Betapa, dihimpun dalam syarah Bukhari tersebut pendapat-pendapat secara lughawi dan ma'nawi yang menggambarkan kerugian besar. Dari mendahulukan mengerjakan shalat Ashar terhadap kesibukan dunia. Diperkuat juga oleh hadits selanjutnya [no. 553] yang menyebutkan gugurnya (فقد حبط) amal seseorang tersebab meninggalkan shalat wustha [Fathul Bari'].
Dalam syarah ini dikuatkan bahwa faktor kesengajaan adalah penyebab yang utama, dalam arti meremehkan. Sedangkan keringanan masih diberikan kepada orang yang memiliki udzur syar'i. Maka, sikap menunda-nunda justru akan semakin membuat seseorang merasa tertekan. Bahkan dalam konteks ketidaktahun kepada dalil. Logic-nya bagaimana? Sebagai seorang muslim, tentu dalam hati kecil terbersit 'saya punya tanggungan' saat menunda shalat. Meskipun itu sedikit. Alhasil ada dua hal yang sedang melayang-layang di dalam pikiran kita. Menjadikan kita semakin tidak fokus pada pekerjaan.

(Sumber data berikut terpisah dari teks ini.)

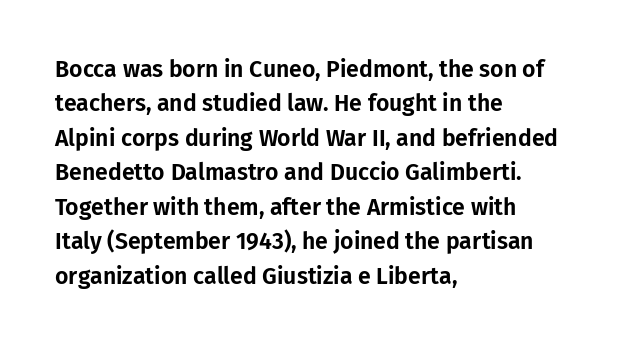
{"italic": "no", "underline": "no", "align": "left", "line_spacing": "normal", "line_spacing_ratio": 1.5, "letter_spacing": "normal", "letter_spacing_em": 0.0, "glyph_px": 23}
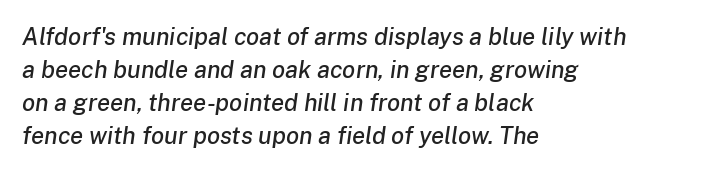
The image shows 24 px text type, italic (leaning right); set left-aligned, normal line spacing (1.38x), normal letter spacing, not underlined.

Disinilah dalam banyak kejadian, tercerabut keberkahan kita dalam bekerja. Perkejaan yang biasanya dapat dikerjakan dengan cepat pun, akan bertambah level usahanya. Entah itu waktu, tenaga, maupun akal. Secara psikologis, waktu Ashar adalah waktu berkumpulnya stress. Disamping kondisi prima tubuh juga telah menurun. Dengan mendahulukan Shalat, kita justru akan lebih rileks dan dapat terpulihkan. Untuk kemudian dapat bekerja dengan maksimal.
Benar apa yang dinasihatkan oleh Mbah Najib, dalam konteks susah kaya. Lebih mudah melarat daripada menjadi kaya. Karena banyak hal yang dikerjakan dalam kondisi stress, kurang konsentrasi hasilnya tidak maksimal. Menyisakan pekerjaan lain yang ikut menumpuk, mengarah kepada hilangnya kemampuan untuk menentukan skala prioritas. Sehingga seseorang akan selalu merasa ada yang kurang dalam pekerjaannya. Terlebih, kaya (bahagia, satisfaction) itu tempatnya di dalam hati. Tidak ditemukan dalam hasil, namun dalam penilaian kita. Keberkahan, lebih tepatnya. Allahu A'lam.